■ DIRECTIONS FOR THIS TASK ■
Only one stretch of the data below should be repeated: the lines from the line containing "Q: Which block" through the line containing "Q: Monospaced? A: No.", inclusive, exactly as they are.

■ RECORDS ■
_ _ _ _
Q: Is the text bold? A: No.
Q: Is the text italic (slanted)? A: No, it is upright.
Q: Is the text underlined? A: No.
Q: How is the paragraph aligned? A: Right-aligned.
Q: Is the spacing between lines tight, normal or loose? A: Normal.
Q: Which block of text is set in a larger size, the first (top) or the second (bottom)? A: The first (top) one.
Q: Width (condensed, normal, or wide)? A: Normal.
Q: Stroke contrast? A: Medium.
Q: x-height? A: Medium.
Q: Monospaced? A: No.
_ _ _ _
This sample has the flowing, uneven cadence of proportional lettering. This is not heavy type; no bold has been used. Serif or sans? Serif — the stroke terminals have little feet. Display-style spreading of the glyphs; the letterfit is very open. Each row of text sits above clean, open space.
_ _ _ _
■ ANSWER SECTION ■
Q: Which block of text is set in a larger size, the first (top) or the second (bottom)? A: The first (top) one.
Q: Width (condensed, normal, or wide)? A: Normal.
Q: Stroke contrast? A: Medium.
Q: x-height? A: Medium.
Q: Monospaced? A: No.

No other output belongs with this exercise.